◆ Exercise objective
With no line left out, restate the data word for word.

Source data

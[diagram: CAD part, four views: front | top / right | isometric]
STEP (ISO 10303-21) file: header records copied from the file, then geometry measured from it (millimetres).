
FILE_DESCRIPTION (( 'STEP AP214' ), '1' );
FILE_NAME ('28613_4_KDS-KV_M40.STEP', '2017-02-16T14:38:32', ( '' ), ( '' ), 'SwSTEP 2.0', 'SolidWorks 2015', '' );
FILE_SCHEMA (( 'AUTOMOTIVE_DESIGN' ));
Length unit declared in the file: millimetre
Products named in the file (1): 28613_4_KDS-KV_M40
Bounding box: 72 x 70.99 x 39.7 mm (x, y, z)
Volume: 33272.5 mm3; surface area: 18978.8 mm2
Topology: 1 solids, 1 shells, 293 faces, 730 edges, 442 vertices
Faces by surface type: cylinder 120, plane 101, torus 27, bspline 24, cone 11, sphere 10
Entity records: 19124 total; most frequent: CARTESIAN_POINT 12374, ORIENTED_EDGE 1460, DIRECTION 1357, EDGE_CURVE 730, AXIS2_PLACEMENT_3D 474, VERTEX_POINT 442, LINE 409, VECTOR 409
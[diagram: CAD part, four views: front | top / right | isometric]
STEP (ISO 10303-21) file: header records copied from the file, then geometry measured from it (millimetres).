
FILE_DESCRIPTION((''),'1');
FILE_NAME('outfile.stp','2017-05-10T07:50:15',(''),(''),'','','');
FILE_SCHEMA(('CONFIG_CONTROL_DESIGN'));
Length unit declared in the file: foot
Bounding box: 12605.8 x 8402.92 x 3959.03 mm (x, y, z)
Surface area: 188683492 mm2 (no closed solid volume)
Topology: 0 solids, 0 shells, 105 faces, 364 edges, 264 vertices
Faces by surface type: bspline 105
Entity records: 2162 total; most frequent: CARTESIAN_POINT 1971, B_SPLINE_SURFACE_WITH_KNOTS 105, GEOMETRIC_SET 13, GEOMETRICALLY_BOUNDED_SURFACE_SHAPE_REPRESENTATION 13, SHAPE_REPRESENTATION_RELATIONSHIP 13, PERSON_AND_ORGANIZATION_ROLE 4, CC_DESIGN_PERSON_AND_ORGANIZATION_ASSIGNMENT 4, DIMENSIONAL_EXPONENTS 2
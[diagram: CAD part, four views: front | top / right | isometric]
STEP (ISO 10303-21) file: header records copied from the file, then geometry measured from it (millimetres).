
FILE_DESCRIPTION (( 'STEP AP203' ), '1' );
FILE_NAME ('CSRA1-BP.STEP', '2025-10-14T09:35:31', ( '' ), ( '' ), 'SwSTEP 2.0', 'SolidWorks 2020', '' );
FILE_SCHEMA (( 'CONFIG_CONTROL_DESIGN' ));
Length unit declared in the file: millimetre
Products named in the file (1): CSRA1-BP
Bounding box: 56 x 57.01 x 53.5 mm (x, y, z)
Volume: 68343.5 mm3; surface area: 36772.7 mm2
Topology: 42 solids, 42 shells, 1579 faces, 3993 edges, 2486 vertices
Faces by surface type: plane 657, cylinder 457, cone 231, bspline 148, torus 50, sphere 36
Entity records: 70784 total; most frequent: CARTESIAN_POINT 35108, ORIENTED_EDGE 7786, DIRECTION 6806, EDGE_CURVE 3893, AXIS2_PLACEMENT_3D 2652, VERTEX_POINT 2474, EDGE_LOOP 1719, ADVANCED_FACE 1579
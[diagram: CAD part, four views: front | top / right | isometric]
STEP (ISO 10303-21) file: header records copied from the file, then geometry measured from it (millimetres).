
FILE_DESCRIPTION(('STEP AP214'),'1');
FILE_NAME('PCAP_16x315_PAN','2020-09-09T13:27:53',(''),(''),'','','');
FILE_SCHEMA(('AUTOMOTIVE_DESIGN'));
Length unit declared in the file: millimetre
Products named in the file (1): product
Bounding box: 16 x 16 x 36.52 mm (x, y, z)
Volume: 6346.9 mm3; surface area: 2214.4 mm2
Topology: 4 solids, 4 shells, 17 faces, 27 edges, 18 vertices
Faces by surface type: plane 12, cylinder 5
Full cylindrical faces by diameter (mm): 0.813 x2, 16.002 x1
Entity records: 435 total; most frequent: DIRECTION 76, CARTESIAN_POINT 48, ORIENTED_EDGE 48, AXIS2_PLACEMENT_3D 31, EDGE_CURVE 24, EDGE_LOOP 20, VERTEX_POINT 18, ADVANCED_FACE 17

◆ Output of the task
[diagram: CAD part, four views: front | top / right | isometric]
STEP (ISO 10303-21) file: header records copied from the file, then geometry measured from it (millimetres).
FILE_DESCRIPTION (( 'STEP AP214' ), '1' );
FILE_NAME ('28613_4_KDS-KV_M40.STEP', '2017-02-16T14:38:32', ( '' ), ( '' ), 'SwSTEP 2.0', 'SolidWorks 2015', '' );
FILE_SCHEMA (( 'AUTOMOTIVE_DESIGN' ));
Length unit declared in the file: millimetre
Products named in the file (1): 28613_4_KDS-KV_M40
Bounding box: 72 x 70.99 x 39.7 mm (x, y, z)
Volume: 33272.5 mm3; surface area: 18978.8 mm2
Topology: 1 solids, 1 shells, 293 faces, 730 edges, 442 vertices
Faces by surface type: cylinder 120, plane 101, torus 27, bspline 24, cone 11, sphere 10
Entity records: 19124 total; most frequent: CARTESIAN_POINT 12374, ORIENTED_EDGE 1460, DIRECTION 1357, EDGE_CURVE 730, AXIS2_PLACEMENT_3D 474, VERTEX_POINT 442, LINE 409, VECTOR 409
[diagram: CAD part, four views: front | top / right | isometric]
STEP (ISO 10303-21) file: header records copied from the file, then geometry measured from it (millimetres).
FILE_DESCRIPTION((''),'1');
FILE_NAME('outfile.stp','2017-05-10T07:50:15',(''),(''),'','','');
FILE_SCHEMA(('CONFIG_CONTROL_DESIGN'));
Length unit declared in the file: foot
Bounding box: 12605.8 x 8402.92 x 3959.03 mm (x, y, z)
Surface area: 188683492 mm2 (no closed solid volume)
Topology: 0 solids, 0 shells, 105 faces, 364 edges, 264 vertices
Faces by surface type: bspline 105
Entity records: 2162 total; most frequent: CARTESIAN_POINT 1971, B_SPLINE_SURFACE_WITH_KNOTS 105, GEOMETRIC_SET 13, GEOMETRICALLY_BOUNDED_SURFACE_SHAPE_REPRESENTATION 13, SHAPE_REPRESENTATION_RELATIONSHIP 13, PERSON_AND_ORGANIZATION_ROLE 4, CC_DESIGN_PERSON_AND_ORGANIZATION_ASSIGNMENT 4, DIMENSIONAL_EXPONENTS 2
[diagram: CAD part, four views: front | top / right | isometric]
STEP (ISO 10303-21) file: header records copied from the file, then geometry measured from it (millimetres).
FILE_DESCRIPTION (( 'STEP AP203' ), '1' );
FILE_NAME ('CSRA1-BP.STEP', '2025-10-14T09:35:31', ( '' ), ( '' ), 'SwSTEP 2.0', 'SolidWorks 2020', '' );
FILE_SCHEMA (( 'CONFIG_CONTROL_DESIGN' ));
Length unit declared in the file: millimetre
Products named in the file (1): CSRA1-BP
Bounding box: 56 x 57.01 x 53.5 mm (x, y, z)
Volume: 68343.5 mm3; surface area: 36772.7 mm2
Topology: 42 solids, 42 shells, 1579 faces, 3993 edges, 2486 vertices
Faces by surface type: plane 657, cylinder 457, cone 231, bspline 148, torus 50, sphere 36
Entity records: 70784 total; most frequent: CARTESIAN_POINT 35108, ORIENTED_EDGE 7786, DIRECTION 6806, EDGE_CURVE 3893, AXIS2_PLACEMENT_3D 2652, VERTEX_POINT 2474, EDGE_LOOP 1719, ADVANCED_FACE 1579
[diagram: CAD part, four views: front | top / right | isometric]
STEP (ISO 10303-21) file: header records copied from the file, then geometry measured from it (millimetres).
FILE_DESCRIPTION(('STEP AP214'),'1');
FILE_NAME('PCAP_16x315_PAN','2020-09-09T13:27:53',(''),(''),'','','');
FILE_SCHEMA(('AUTOMOTIVE_DESIGN'));
Length unit declared in the file: millimetre
Products named in the file (1): product
Bounding box: 16 x 16 x 36.52 mm (x, y, z)
Volume: 6346.9 mm3; surface area: 2214.4 mm2
Topology: 4 solids, 4 shells, 17 faces, 27 edges, 18 vertices
Faces by surface type: plane 12, cylinder 5
Full cylindrical faces by diameter (mm): 0.813 x2, 16.002 x1
Entity records: 435 total; most frequent: DIRECTION 76, CARTESIAN_POINT 48, ORIENTED_EDGE 48, AXIS2_PLACEMENT_3D 31, EDGE_CURVE 24, EDGE_LOOP 20, VERTEX_POINT 18, ADVANCED_FACE 17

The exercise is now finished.